(Task instructions) Return each line of the material below exactly. Begin at the first and end on the line with "རྣམས་དྲང་བའི་ཕ".

(Data section)

--------------------

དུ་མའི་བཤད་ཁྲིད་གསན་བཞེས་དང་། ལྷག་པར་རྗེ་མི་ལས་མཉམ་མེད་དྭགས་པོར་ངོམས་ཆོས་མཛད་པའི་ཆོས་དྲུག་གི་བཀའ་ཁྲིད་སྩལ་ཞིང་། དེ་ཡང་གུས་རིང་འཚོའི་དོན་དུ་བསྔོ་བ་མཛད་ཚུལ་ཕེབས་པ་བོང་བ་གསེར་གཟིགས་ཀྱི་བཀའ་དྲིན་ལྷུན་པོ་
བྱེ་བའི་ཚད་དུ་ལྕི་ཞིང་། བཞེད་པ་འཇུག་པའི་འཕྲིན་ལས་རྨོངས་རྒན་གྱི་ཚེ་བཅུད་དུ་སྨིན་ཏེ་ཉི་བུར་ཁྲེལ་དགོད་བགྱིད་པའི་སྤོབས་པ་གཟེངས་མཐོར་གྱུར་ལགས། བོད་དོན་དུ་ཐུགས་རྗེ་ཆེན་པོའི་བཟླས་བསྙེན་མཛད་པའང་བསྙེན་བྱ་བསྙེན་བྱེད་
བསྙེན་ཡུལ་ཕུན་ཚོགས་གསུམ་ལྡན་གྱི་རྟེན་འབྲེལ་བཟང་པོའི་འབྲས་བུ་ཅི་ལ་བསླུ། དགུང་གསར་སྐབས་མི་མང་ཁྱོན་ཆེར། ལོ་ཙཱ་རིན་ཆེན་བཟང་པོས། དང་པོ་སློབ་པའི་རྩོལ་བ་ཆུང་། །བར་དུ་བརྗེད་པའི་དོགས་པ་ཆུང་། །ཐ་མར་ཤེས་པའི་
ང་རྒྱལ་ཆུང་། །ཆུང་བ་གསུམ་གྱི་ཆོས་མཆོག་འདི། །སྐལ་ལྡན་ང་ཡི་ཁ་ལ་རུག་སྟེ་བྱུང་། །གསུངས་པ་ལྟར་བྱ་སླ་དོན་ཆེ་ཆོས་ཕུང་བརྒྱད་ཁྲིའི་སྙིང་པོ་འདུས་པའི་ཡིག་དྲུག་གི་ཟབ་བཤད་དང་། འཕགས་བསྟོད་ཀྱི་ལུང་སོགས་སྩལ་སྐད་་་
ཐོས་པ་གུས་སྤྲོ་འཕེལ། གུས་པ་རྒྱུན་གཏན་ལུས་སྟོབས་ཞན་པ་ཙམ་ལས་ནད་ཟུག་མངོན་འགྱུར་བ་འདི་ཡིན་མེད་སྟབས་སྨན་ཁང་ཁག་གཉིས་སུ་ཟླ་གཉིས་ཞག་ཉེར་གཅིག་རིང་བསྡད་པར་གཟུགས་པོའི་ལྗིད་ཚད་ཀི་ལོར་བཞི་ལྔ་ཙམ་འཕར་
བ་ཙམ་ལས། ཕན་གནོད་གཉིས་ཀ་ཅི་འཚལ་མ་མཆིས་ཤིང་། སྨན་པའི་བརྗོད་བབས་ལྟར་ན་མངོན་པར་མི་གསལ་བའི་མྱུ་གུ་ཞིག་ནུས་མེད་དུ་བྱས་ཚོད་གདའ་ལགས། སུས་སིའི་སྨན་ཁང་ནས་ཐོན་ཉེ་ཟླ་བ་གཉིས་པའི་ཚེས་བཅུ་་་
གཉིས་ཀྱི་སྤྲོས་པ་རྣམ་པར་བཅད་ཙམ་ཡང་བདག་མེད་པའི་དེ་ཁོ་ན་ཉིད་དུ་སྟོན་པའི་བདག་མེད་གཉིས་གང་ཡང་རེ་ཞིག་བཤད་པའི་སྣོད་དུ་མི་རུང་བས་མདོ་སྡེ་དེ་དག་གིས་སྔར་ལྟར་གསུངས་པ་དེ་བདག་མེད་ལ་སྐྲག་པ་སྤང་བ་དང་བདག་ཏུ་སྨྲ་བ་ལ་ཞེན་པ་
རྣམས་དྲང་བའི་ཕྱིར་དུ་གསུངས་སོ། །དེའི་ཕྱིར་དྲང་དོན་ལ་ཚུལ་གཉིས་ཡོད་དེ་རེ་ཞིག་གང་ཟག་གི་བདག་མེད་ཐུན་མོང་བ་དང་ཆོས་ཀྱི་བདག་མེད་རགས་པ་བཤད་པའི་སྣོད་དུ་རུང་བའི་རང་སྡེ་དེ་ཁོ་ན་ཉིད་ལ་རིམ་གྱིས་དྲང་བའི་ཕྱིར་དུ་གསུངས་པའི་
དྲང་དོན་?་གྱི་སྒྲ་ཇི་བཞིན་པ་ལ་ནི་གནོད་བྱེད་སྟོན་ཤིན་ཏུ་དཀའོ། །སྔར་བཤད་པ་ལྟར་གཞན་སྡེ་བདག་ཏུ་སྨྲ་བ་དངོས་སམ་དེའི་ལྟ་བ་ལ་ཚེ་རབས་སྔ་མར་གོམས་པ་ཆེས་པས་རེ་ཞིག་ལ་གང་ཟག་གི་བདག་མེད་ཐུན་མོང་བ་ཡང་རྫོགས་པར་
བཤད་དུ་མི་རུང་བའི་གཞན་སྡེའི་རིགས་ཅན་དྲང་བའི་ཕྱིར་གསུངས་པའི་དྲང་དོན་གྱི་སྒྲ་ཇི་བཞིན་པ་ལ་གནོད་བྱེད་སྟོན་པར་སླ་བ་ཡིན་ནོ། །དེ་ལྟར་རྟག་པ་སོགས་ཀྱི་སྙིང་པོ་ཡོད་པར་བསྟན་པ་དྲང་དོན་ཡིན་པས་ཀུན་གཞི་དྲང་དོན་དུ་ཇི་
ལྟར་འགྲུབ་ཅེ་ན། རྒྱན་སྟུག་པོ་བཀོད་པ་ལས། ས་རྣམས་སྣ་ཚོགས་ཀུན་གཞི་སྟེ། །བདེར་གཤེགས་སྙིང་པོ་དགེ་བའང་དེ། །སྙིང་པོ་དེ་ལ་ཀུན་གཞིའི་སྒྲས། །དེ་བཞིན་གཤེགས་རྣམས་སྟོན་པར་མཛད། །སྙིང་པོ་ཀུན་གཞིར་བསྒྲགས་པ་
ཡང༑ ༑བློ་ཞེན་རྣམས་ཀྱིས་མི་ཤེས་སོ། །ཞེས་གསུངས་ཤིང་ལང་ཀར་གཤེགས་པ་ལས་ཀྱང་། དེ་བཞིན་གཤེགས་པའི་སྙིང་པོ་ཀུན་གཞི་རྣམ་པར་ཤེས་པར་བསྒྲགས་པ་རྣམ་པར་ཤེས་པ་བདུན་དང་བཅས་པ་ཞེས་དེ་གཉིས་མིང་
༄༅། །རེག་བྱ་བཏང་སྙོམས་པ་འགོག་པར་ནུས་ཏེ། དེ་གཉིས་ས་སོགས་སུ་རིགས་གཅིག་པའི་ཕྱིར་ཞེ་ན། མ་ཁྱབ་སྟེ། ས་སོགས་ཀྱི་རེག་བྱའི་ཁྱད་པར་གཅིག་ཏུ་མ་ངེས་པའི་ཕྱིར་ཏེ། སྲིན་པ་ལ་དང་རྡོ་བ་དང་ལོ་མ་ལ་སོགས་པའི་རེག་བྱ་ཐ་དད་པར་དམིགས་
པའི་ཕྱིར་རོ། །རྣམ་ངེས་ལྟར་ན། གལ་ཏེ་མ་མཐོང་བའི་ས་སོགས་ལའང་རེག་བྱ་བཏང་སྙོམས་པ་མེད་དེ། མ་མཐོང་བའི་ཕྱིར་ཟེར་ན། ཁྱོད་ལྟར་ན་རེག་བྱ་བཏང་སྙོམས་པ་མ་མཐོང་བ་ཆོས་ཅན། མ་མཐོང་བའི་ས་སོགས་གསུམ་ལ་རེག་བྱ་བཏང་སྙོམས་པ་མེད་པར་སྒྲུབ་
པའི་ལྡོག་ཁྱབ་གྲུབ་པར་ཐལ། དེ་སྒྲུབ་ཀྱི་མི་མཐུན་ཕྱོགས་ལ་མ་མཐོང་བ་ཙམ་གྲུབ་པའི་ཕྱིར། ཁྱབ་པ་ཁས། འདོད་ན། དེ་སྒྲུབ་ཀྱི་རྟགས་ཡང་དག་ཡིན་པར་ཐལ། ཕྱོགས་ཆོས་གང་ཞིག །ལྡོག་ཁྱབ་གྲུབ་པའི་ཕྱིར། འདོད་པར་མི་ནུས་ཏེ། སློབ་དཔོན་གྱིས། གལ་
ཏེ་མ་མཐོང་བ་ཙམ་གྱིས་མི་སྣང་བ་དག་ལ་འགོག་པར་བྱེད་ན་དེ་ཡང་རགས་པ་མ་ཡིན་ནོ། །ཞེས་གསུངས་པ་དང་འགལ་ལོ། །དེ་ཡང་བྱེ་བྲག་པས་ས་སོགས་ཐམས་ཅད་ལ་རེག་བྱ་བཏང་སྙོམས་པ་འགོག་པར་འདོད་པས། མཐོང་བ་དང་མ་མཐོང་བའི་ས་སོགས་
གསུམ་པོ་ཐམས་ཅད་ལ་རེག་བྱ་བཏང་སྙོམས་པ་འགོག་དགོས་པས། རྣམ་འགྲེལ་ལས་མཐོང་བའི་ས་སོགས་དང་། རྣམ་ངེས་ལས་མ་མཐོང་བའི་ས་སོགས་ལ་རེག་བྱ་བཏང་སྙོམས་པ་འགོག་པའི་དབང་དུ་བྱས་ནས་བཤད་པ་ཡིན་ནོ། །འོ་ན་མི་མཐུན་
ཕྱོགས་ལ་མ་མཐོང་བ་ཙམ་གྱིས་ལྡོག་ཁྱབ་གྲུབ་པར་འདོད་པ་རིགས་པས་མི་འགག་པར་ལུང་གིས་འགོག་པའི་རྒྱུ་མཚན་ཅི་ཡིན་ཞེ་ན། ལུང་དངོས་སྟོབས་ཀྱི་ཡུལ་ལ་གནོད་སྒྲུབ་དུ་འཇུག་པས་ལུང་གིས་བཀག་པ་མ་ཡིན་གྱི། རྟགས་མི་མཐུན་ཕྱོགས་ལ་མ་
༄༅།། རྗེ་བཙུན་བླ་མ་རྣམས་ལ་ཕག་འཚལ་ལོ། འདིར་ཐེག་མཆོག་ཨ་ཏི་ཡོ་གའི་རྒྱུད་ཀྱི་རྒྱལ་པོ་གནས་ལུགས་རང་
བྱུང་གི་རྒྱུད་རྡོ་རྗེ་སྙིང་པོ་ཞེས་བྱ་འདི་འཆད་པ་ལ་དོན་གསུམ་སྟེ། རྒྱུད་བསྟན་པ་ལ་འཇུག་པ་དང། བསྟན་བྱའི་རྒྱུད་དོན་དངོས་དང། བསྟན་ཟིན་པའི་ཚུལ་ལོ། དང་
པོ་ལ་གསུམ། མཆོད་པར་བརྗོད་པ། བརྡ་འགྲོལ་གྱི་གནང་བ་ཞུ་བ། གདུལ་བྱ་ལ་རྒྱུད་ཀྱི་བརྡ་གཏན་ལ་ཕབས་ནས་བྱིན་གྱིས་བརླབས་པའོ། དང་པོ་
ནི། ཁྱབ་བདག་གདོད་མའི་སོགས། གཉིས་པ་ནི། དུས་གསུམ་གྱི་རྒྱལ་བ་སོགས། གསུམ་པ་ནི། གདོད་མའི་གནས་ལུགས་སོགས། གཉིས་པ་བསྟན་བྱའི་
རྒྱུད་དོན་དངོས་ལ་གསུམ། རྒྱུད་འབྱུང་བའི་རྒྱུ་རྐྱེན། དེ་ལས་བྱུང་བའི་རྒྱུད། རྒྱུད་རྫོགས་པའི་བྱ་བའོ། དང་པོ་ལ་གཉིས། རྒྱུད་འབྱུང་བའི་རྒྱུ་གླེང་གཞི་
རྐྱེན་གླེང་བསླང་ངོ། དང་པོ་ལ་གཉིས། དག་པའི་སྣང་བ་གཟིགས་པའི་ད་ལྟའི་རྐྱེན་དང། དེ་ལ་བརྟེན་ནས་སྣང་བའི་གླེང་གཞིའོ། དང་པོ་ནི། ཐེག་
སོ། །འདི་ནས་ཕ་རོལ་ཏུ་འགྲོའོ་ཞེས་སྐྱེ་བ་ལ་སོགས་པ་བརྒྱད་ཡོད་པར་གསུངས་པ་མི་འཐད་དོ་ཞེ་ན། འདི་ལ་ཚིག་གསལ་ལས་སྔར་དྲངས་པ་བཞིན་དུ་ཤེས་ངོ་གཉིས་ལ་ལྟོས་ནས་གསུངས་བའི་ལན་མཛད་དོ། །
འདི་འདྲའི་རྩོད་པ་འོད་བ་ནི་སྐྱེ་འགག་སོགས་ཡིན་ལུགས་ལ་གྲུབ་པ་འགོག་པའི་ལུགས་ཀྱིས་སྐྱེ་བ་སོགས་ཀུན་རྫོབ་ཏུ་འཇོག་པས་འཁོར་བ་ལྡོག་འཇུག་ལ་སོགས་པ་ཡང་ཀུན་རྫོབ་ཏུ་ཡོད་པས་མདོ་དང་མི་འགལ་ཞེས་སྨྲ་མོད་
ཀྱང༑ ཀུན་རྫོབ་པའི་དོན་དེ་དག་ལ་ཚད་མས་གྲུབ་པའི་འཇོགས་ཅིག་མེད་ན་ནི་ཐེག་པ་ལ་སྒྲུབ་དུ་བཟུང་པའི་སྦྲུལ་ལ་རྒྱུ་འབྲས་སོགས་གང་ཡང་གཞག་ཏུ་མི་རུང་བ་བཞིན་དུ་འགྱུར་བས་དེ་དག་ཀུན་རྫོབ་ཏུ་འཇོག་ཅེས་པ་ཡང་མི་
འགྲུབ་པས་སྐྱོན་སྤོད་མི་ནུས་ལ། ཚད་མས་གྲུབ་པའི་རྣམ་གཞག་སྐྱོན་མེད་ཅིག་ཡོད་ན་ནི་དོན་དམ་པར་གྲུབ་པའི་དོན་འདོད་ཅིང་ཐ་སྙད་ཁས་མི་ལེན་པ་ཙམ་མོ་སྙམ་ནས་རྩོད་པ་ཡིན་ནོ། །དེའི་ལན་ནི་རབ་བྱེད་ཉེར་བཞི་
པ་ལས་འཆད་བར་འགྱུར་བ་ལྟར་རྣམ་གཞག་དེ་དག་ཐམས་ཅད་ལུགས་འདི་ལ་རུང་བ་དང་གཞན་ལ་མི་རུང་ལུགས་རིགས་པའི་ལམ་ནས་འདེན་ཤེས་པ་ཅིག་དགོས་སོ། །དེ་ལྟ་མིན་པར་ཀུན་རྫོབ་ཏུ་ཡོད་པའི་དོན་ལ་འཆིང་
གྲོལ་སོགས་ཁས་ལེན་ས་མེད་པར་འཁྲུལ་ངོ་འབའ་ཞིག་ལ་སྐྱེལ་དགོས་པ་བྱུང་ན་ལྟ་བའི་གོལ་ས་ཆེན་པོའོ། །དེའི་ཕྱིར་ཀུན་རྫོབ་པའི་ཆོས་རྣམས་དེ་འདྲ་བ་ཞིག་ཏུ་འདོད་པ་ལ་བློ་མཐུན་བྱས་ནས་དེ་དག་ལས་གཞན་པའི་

--------------------

(Reply)
དུ་མའི་བཤད་ཁྲིད་གསན་བཞེས་དང་། ལྷག་པར་རྗེ་མི་ལས་མཉམ་མེད་དྭགས་པོར་ངོམས་ཆོས་མཛད་པའི་ཆོས་དྲུག་གི་བཀའ་ཁྲིད་སྩལ་ཞིང་། དེ་ཡང་གུས་རིང་འཚོའི་དོན་དུ་བསྔོ་བ་མཛད་ཚུལ་ཕེབས་པ་བོང་བ་གསེར་གཟིགས་ཀྱི་བཀའ་དྲིན་ལྷུན་པོ་
བྱེ་བའི་ཚད་དུ་ལྕི་ཞིང་། བཞེད་པ་འཇུག་པའི་འཕྲིན་ལས་རྨོངས་རྒན་གྱི་ཚེ་བཅུད་དུ་སྨིན་ཏེ་ཉི་བུར་ཁྲེལ་དགོད་བགྱིད་པའི་སྤོབས་པ་གཟེངས་མཐོར་གྱུར་ལགས། བོད་དོན་དུ་ཐུགས་རྗེ་ཆེན་པོའི་བཟླས་བསྙེན་མཛད་པའང་བསྙེན་བྱ་བསྙེན་བྱེད་
བསྙེན་ཡུལ་ཕུན་ཚོགས་གསུམ་ལྡན་གྱི་རྟེན་འབྲེལ་བཟང་པོའི་འབྲས་བུ་ཅི་ལ་བསླུ། དགུང་གསར་སྐབས་མི་མང་ཁྱོན་ཆེར། ལོ་ཙཱ་རིན་ཆེན་བཟང་པོས། དང་པོ་སློབ་པའི་རྩོལ་བ་ཆུང་། །བར་དུ་བརྗེད་པའི་དོགས་པ་ཆུང་། །ཐ་མར་ཤེས་པའི་
ང་རྒྱལ་ཆུང་། །ཆུང་བ་གསུམ་གྱི་ཆོས་མཆོག་འདི། །སྐལ་ལྡན་ང་ཡི་ཁ་ལ་རུག་སྟེ་བྱུང་། །གསུངས་པ་ལྟར་བྱ་སླ་དོན་ཆེ་ཆོས་ཕུང་བརྒྱད་ཁྲིའི་སྙིང་པོ་འདུས་པའི་ཡིག་དྲུག་གི་ཟབ་བཤད་དང་། འཕགས་བསྟོད་ཀྱི་ལུང་སོགས་སྩལ་སྐད་་་
ཐོས་པ་གུས་སྤྲོ་འཕེལ། གུས་པ་རྒྱུན་གཏན་ལུས་སྟོབས་ཞན་པ་ཙམ་ལས་ནད་ཟུག་མངོན་འགྱུར་བ་འདི་ཡིན་མེད་སྟབས་སྨན་ཁང་ཁག་གཉིས་སུ་ཟླ་གཉིས་ཞག་ཉེར་གཅིག་རིང་བསྡད་པར་གཟུགས་པོའི་ལྗིད་ཚད་ཀི་ལོར་བཞི་ལྔ་ཙམ་འཕར་
བ་ཙམ་ལས། ཕན་གནོད་གཉིས་ཀ་ཅི་འཚལ་མ་མཆིས་ཤིང་། སྨན་པའི་བརྗོད་བབས་ལྟར་ན་མངོན་པར་མི་གསལ་བའི་མྱུ་གུ་ཞིག་ནུས་མེད་དུ་བྱས་ཚོད་གདའ་ལགས། སུས་སིའི་སྨན་ཁང་ནས་ཐོན་ཉེ་ཟླ་བ་གཉིས་པའི་ཚེས་བཅུ་་་
གཉིས་ཀྱི་སྤྲོས་པ་རྣམ་པར་བཅད་ཙམ་ཡང་བདག་མེད་པའི་དེ་ཁོ་ན་ཉིད་དུ་སྟོན་པའི་བདག་མེད་གཉིས་གང་ཡང་རེ་ཞིག་བཤད་པའི་སྣོད་དུ་མི་རུང་བས་མདོ་སྡེ་དེ་དག་གིས་སྔར་ལྟར་གསུངས་པ་དེ་བདག་མེད་ལ་སྐྲག་པ་སྤང་བ་དང་བདག་ཏུ་སྨྲ་བ་ལ་ཞེན་པ་
རྣམས་དྲང་བའི་ཕྱིར་དུ་གསུངས་སོ། །དེའི་ཕྱིར་དྲང་དོན་ལ་ཚུལ་གཉིས་ཡོད་དེ་རེ་ཞིག་གང་ཟག་གི་བདག་མེད་ཐུན་མོང་བ་དང་ཆོས་ཀྱི་བདག་མེད་རགས་པ་བཤད་པའི་སྣོད་དུ་རུང་བའི་རང་སྡེ་དེ་ཁོ་ན་ཉིད་ལ་རིམ་གྱིས་དྲང་བའི་ཕྱིར་དུ་གསུངས་པའི་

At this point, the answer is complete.